Set down every record below exactly as it stands, with the pictures omitted.

*** SUPPLIED ENTRIES ***

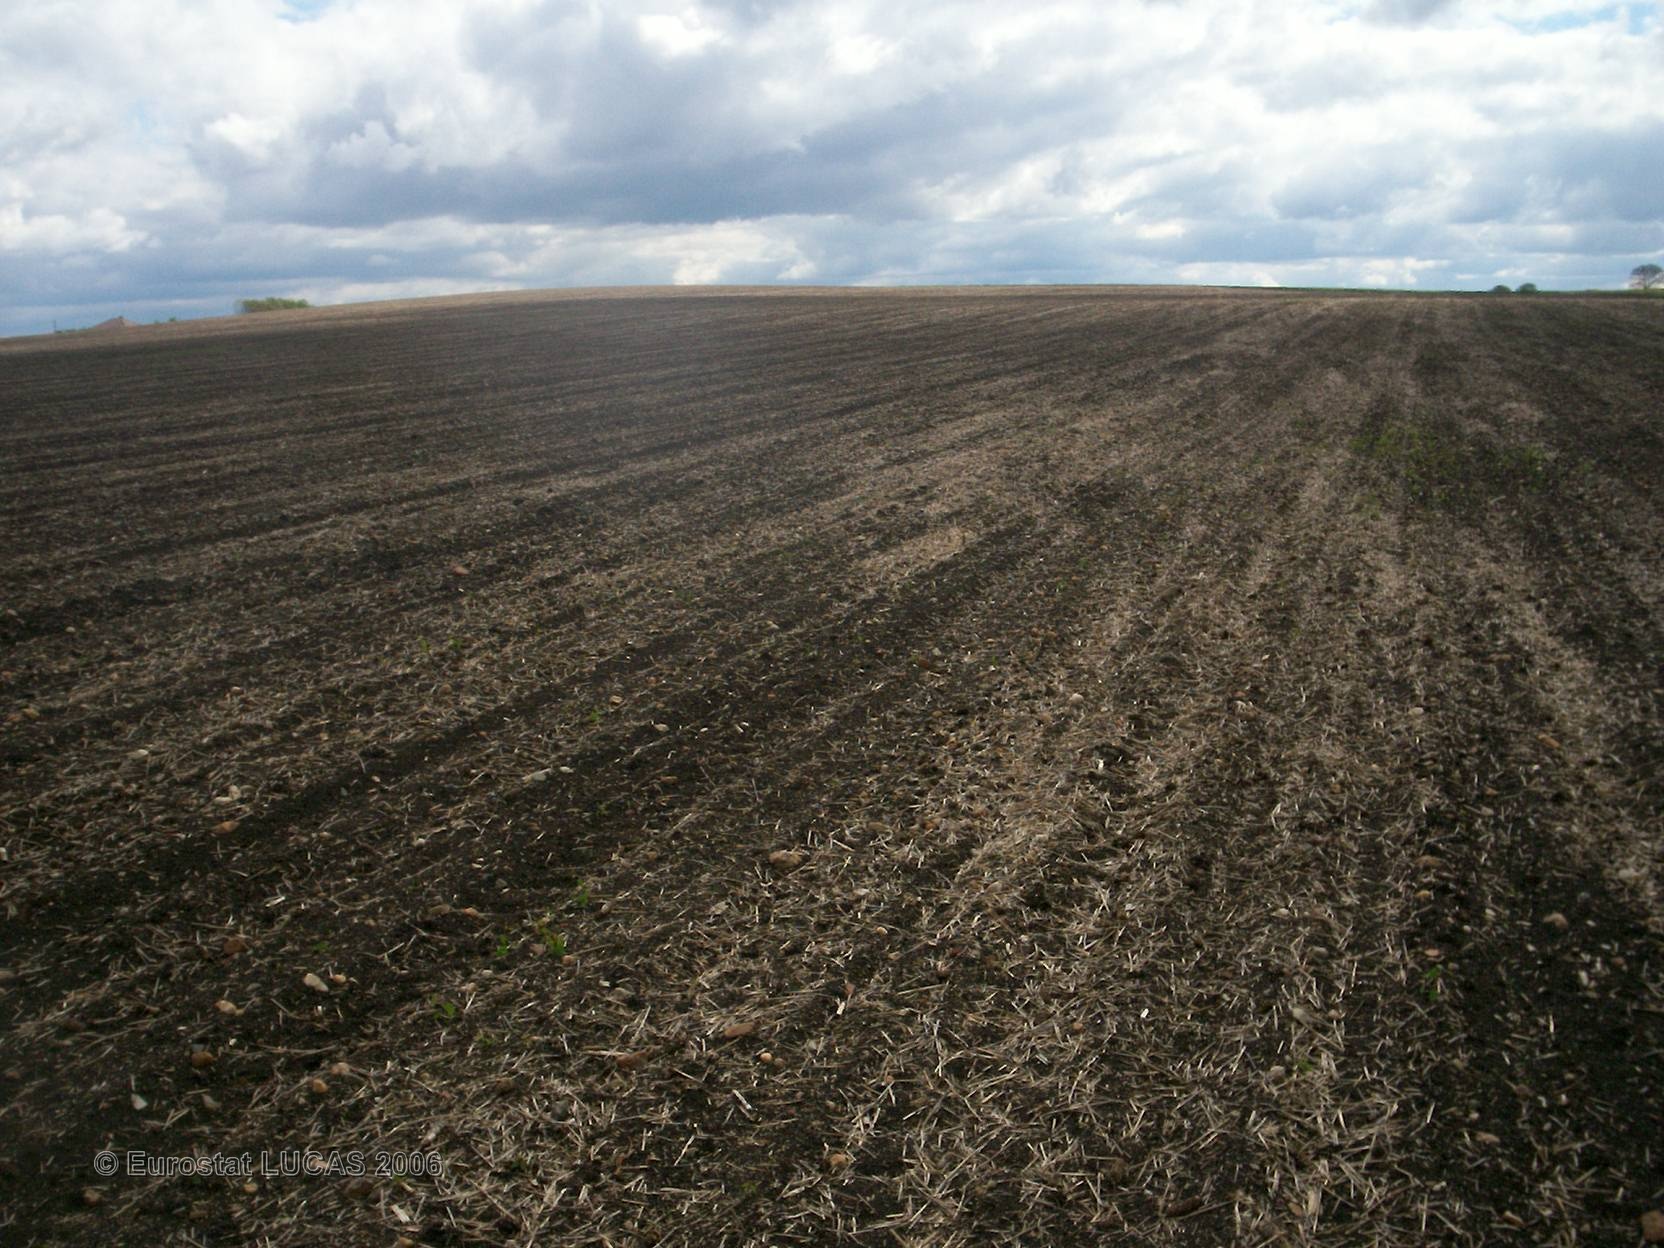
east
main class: Cropland
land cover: Maize
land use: Agriculture (excluding fallow land and kitchen gardens)
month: May
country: FR
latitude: 45.9344
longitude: 3.1769

*** End of SUPPLIED ENTRIES ***

REPLY TO THE TASK:
east
main class: Cropland
land cover: Maize
land use: Agriculture (excluding fallow land and kitchen gardens)
month: May
country: FR
latitude: 45.9344
longitude: 3.1769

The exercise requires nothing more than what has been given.